As I have mentioned in many posts of late, our teenage son really has no desire to be around us. Okay, fine, I'm dealing with it. He left the house Saturday morning to go to work (at 5:50 in the A.M. might I ad) and a friend was going to pick him up. From there he and the friend were going out, he was going to sleep at the friends house - since it was Halloween - and come home on Sunday. Early in the day was what I was told when I asked.
We don't make plans, in general. Unless we are specifically going to someone's house to visit or someone is coming here for dinner, the day is up for grabs. So, after sleeping in late Sunday because of a sore throat and cough, I made us lunch and tried to call the boy. No answer - his phone went directly to voice mail. Frank was in need of some new sneakers so around 3:30 we went shopping - with still no word from the teen. We went to Target - no luck with shoes. We get back in the car and drive up the road to Payless and lo and behold, my phone rings. Guess who?

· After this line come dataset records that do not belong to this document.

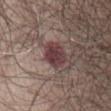No biopsy was performed on this lesion — it was imaged during a full skin examination and was not determined to be concerning.
A male subject aged around 80.
About 3.5 mm across.
Located on the abdomen.
A 15 mm crop from a total-body photograph taken for skin-cancer surveillance.
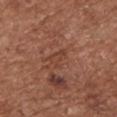Impression:
This lesion was catalogued during total-body skin photography and was not selected for biopsy.
Background:
Longest diameter approximately 2.5 mm. Imaged with white-light lighting. The lesion-visualizer software estimated a mean CIELAB color near L≈42 a*≈24 b*≈29, roughly 5 lightness units darker than nearby skin, and a normalized lesion–skin contrast near 4.5. It also reported radial color variation of about 0.5. This image is a 15 mm lesion crop taken from a total-body photograph. A female patient roughly 75 years of age. The lesion is on the chest.

"Where are you?" he asks. The weird thing here is that the phone number showing up on my phone belongs to my friend Adrianne. So I'm like "Um, where are YOU?"

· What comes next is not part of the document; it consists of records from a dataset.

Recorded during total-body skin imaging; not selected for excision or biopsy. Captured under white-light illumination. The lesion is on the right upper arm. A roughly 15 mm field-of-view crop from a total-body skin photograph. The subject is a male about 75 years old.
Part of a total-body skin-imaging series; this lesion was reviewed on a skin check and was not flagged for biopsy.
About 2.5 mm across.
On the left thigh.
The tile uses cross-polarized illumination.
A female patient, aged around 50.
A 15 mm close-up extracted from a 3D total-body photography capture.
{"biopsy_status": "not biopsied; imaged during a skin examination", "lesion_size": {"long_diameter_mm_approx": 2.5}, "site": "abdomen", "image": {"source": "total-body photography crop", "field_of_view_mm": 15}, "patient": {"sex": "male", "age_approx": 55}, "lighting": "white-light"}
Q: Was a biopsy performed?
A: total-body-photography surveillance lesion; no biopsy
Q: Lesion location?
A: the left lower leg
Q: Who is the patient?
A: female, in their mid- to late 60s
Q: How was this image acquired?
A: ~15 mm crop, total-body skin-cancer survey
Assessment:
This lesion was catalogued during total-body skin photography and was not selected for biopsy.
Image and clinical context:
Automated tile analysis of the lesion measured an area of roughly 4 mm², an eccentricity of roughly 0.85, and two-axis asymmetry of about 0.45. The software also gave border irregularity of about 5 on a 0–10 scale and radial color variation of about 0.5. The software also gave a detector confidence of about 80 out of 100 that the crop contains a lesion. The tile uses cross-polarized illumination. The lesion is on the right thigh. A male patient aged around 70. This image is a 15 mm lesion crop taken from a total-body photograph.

"I'm at Miss A.D.'s house."
"You forgot your keys, didn't you?" I ask.
"Yea, where are you?"
"Shopping."
"You said you were going to be home!"
Big sigh of frustration on my part because no such conversation ever took place.

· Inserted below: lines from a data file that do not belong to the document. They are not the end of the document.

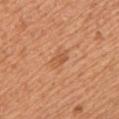notes: total-body-photography surveillance lesion; no biopsy | acquisition: ~15 mm tile from a whole-body skin photo | site: the left upper arm | lighting: white-light | subject: male, aged approximately 55 | image-analysis metrics: an area of roughly 3.5 mm², an eccentricity of roughly 0.8, and a shape-asymmetry score of about 0.25 (0 = symmetric); a lesion color around L≈57 a*≈25 b*≈39 in CIELAB, roughly 7 lightness units darker than nearby skin, and a normalized lesion–skin contrast near 5.5; internal color variation of about 1.5 on a 0–10 scale and peripheral color asymmetry of about 0.5; an automated nevus-likeness rating near 0 out of 100.
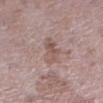Part of a total-body skin-imaging series; this lesion was reviewed on a skin check and was not flagged for biopsy.
Automated image analysis of the tile measured a border-irregularity index near 4.5/10 and radial color variation of about 1.5. It also reported an automated nevus-likeness rating near 0 out of 100 and lesion-presence confidence of about 100/100.
Longest diameter approximately 4 mm.
Captured under white-light illumination.
A 15 mm close-up tile from a total-body photography series done for melanoma screening.
On the left lower leg.
The subject is a female aged around 70.
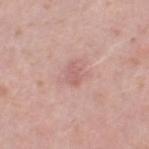{
  "biopsy_status": "not biopsied; imaged during a skin examination",
  "image": {
    "source": "total-body photography crop",
    "field_of_view_mm": 15
  },
  "patient": {
    "sex": "female",
    "age_approx": 40
  },
  "automated_metrics": {
    "area_mm2_approx": 3.0,
    "eccentricity": 0.8
  },
  "lesion_size": {
    "long_diameter_mm_approx": 2.5
  },
  "lighting": "white-light",
  "site": "leg"
}
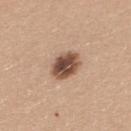size: ~3.5 mm (longest diameter) | tile lighting: white-light | site: the back | patient: female, approximately 25 years of age | image: ~15 mm crop, total-body skin-cancer survey | automated lesion analysis: a lesion color around L≈50 a*≈19 b*≈28 in CIELAB, a lesion–skin lightness drop of about 18, and a normalized lesion–skin contrast near 12.
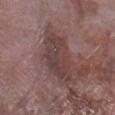The lesion was tiled from a total-body skin photograph and was not biopsied. A male subject aged approximately 75. Measured at roughly 7 mm in maximum diameter. The tile uses white-light illumination. This image is a 15 mm lesion crop taken from a total-body photograph. The lesion is located on the right lower leg.
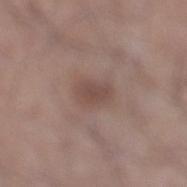Assessment: Imaged during a routine full-body skin examination; the lesion was not biopsied and no histopathology is available. Acquisition and patient details: Automated image analysis of the tile measured a mean CIELAB color near L≈47 a*≈17 b*≈22, about 8 CIELAB-L* units darker than the surrounding skin, and a normalized border contrast of about 6. It also reported a lesion-detection confidence of about 100/100. A male subject, in their 60s. A 15 mm close-up tile from a total-body photography series done for melanoma screening. The lesion is located on the leg.
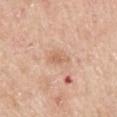notes: no biopsy performed (imaged during a skin exam) | anatomic site: the mid back | subject: male, aged approximately 60 | tile lighting: white-light | image source: ~15 mm tile from a whole-body skin photo | automated metrics: a footprint of about 3.5 mm², an outline eccentricity of about 0.85 (0 = round, 1 = elongated), and a symmetry-axis asymmetry near 0.3; a mean CIELAB color near L≈64 a*≈21 b*≈33, a lesion–skin lightness drop of about 8, and a normalized lesion–skin contrast near 5.5; a nevus-likeness score of about 0/100 and lesion-presence confidence of about 100/100 | lesion size: about 3 mm.

Long story short, the boy now is going to meet us as the Payless because he needs a key to get in to the house. Fine, we'll be here. He comes storming in, like this is all OUR fault that HE forgot his key and so I told him that he can send his friend on his way because now he will stay and SHOP with us!
You can imagine how well that went over.
He yells, he pouts, he stomps off. Really, he's 17, not 4. After leaving the shoe store, we stop at the grocery store. Hey, I had things that I had to get and I was not going to let anyone dictate to me how fast I had to get done. This caused a fight in grocery store. The ride home from there was LOUD!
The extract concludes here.